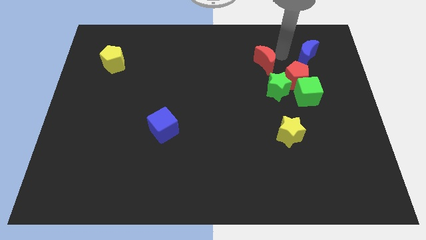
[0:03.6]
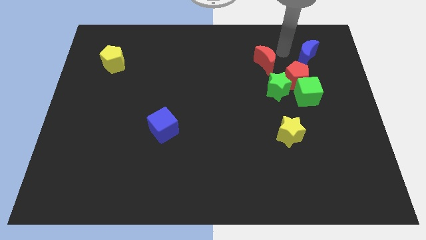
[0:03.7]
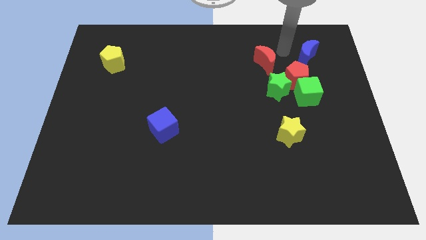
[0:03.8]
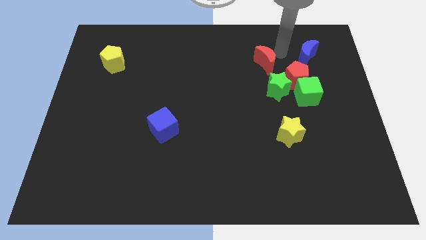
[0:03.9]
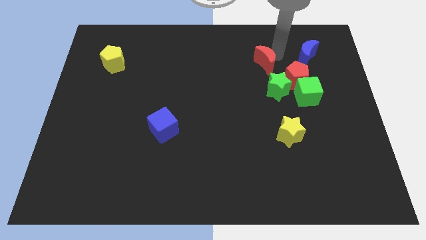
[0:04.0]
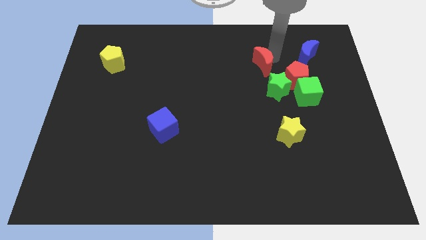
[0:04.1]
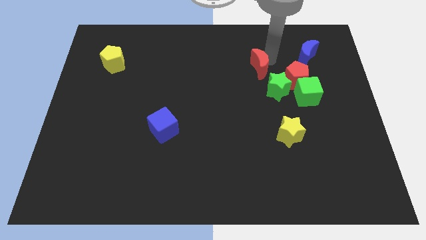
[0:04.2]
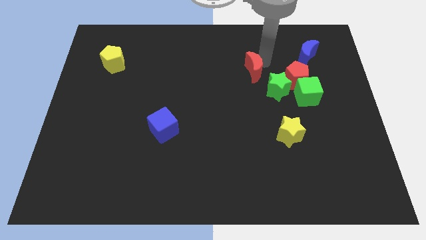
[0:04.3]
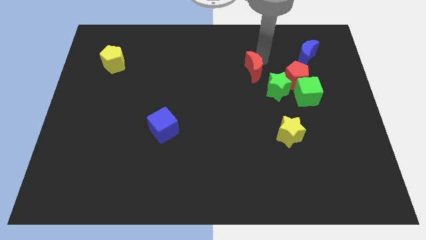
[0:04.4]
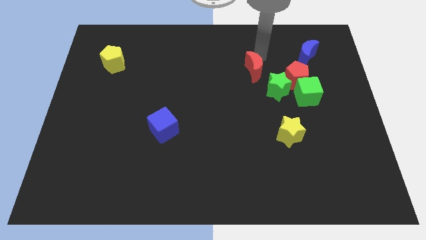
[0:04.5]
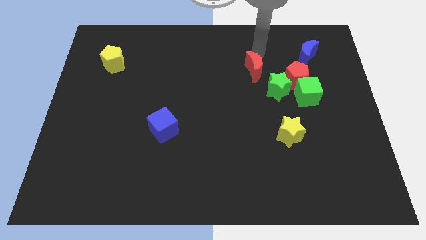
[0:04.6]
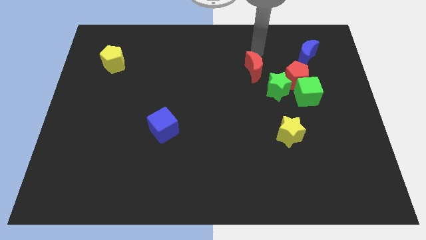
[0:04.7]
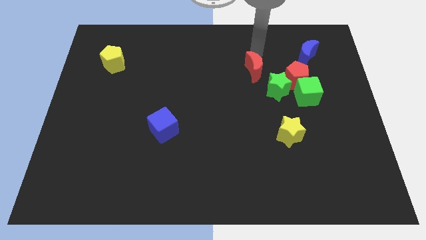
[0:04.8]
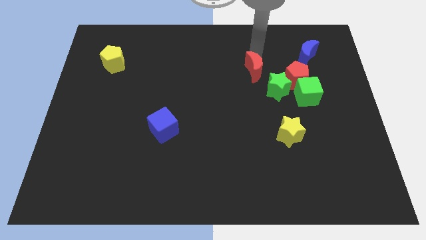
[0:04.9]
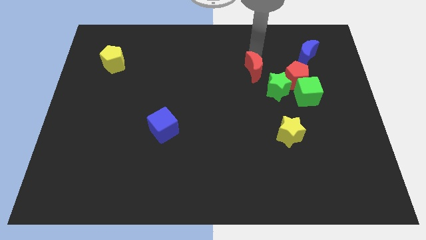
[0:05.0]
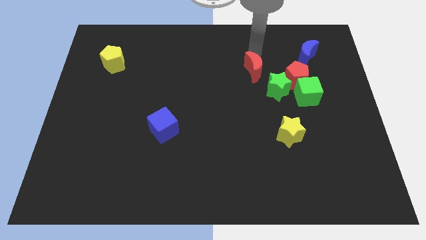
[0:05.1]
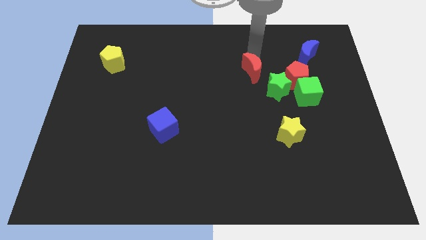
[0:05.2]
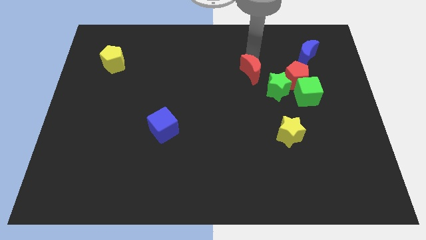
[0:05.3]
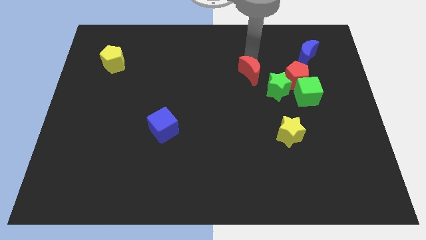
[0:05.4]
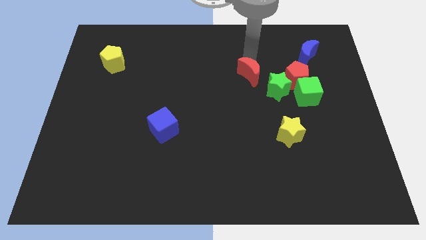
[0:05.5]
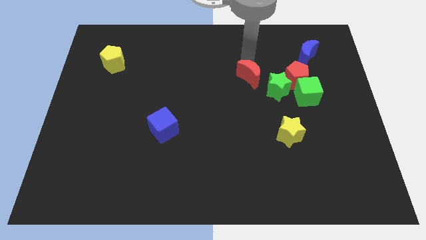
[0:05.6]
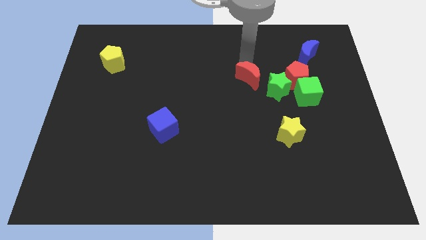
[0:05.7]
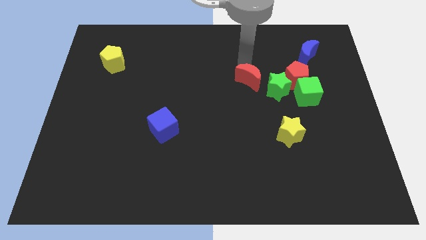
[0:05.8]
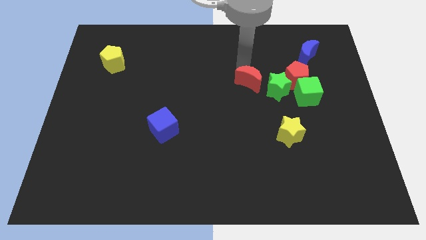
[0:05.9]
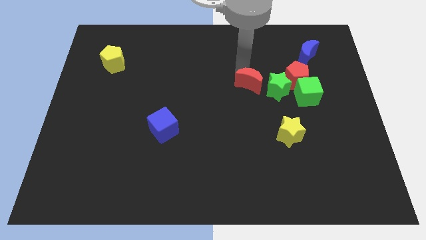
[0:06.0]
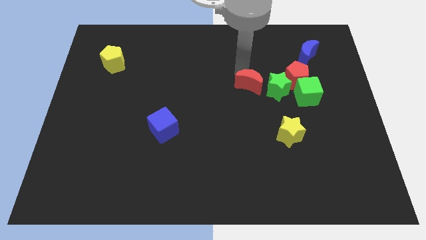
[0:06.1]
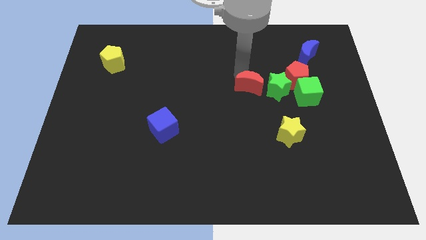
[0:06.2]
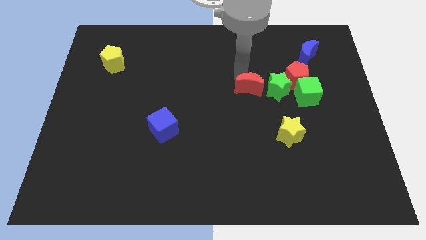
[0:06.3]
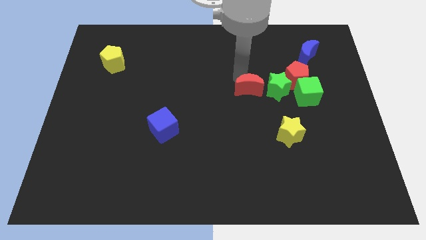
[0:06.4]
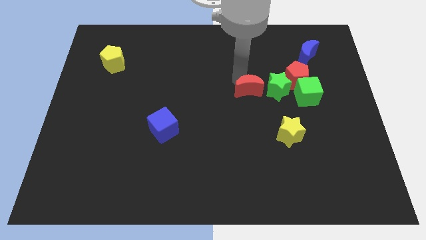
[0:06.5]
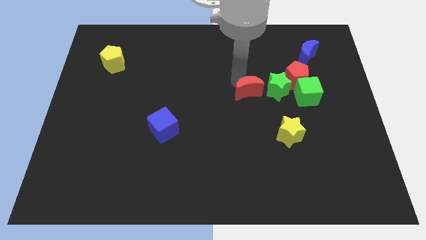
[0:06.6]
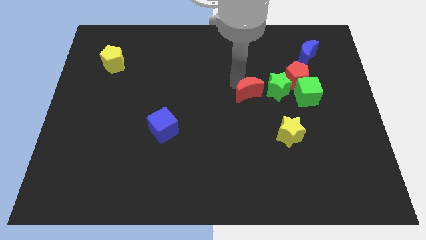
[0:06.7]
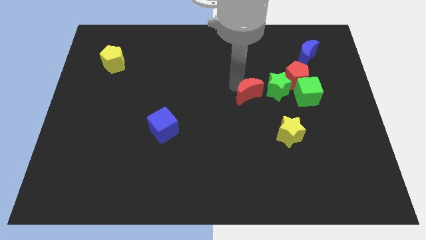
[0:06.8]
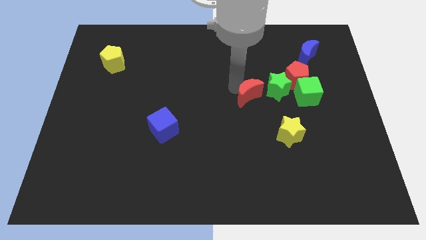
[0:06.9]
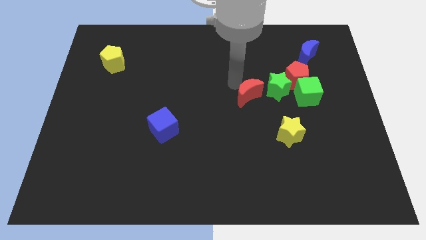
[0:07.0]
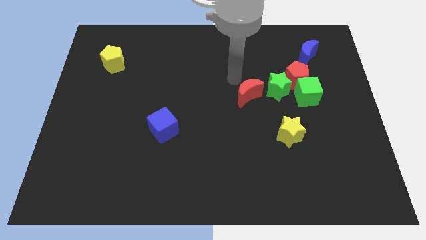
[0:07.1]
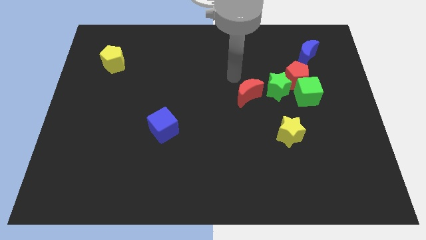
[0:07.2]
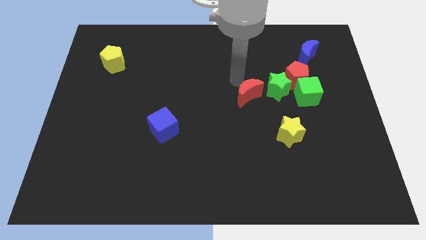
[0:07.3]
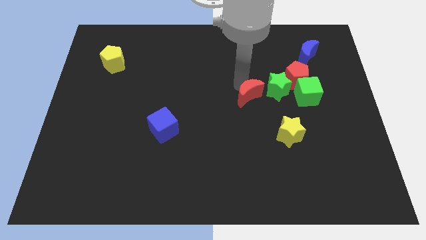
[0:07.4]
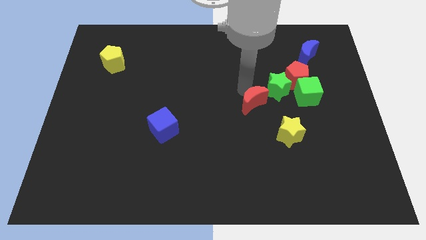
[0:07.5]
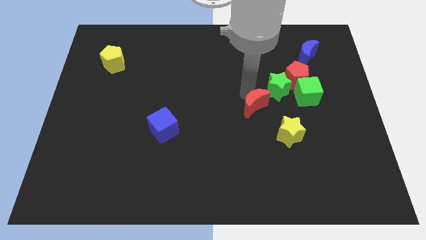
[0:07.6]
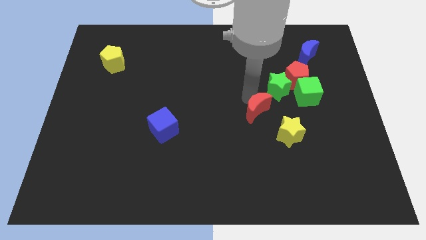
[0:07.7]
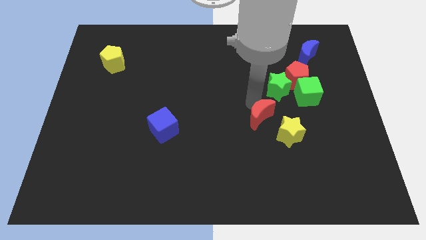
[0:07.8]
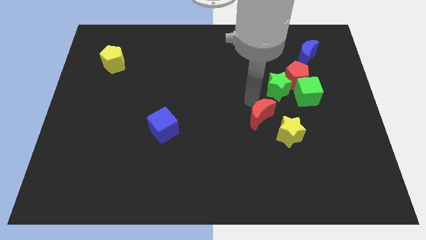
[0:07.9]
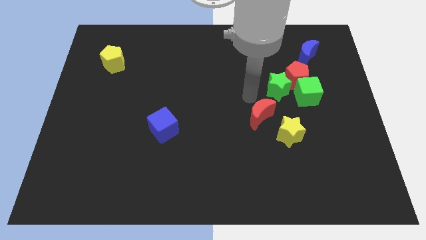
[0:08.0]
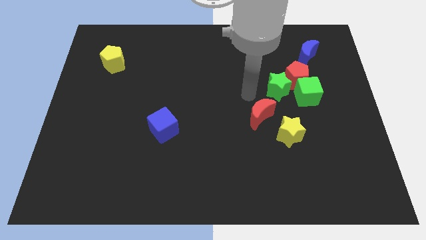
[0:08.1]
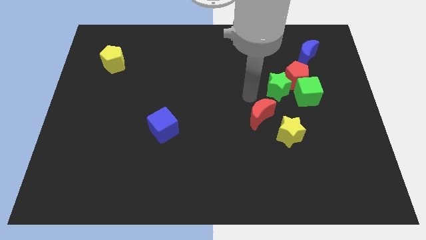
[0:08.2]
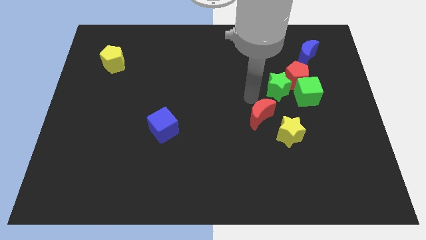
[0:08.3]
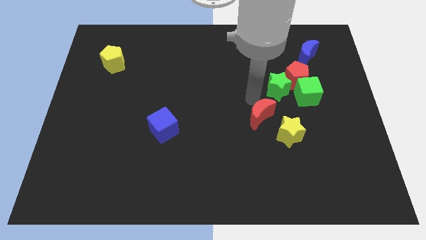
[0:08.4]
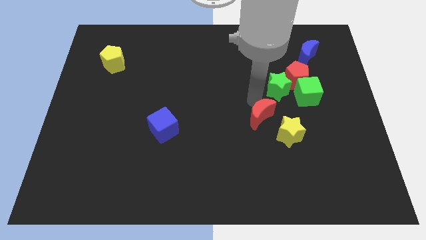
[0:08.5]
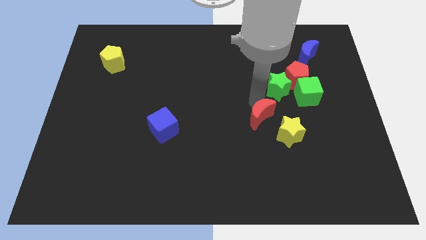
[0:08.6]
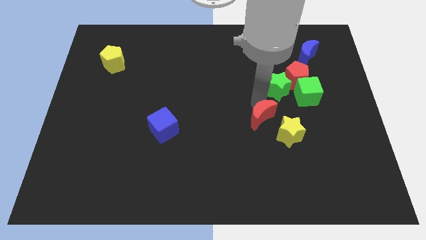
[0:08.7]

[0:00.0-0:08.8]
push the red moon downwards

□ □ □

**Task description**
Please output the material above again, exactly, and omit every image.

**Task answer**
[0:03.6]
[0:03.7]
[0:03.8]
[0:03.9]
[0:04.0]
[0:04.1]
[0:04.2]
[0:04.3]
[0:04.4]
[0:04.5]
[0:04.6]
[0:04.7]
[0:04.8]
[0:04.9]
[0:05.0]
[0:05.1]
[0:05.2]
[0:05.3]
[0:05.4]
[0:05.5]
[0:05.6]
[0:05.7]
[0:05.8]
[0:05.9]
[0:06.0]
[0:06.1]
[0:06.2]
[0:06.3]
[0:06.4]
[0:06.5]
[0:06.6]
[0:06.7]
[0:06.8]
[0:06.9]
[0:07.0]
[0:07.1]
[0:07.2]
[0:07.3]
[0:07.4]
[0:07.5]
[0:07.6]
[0:07.7]
[0:07.8]
[0:07.9]
[0:08.0]
[0:08.1]
[0:08.2]
[0:08.3]
[0:08.4]
[0:08.5]
[0:08.6]
[0:08.7]

[0:00.0-0:08.8]
push the red moon downwards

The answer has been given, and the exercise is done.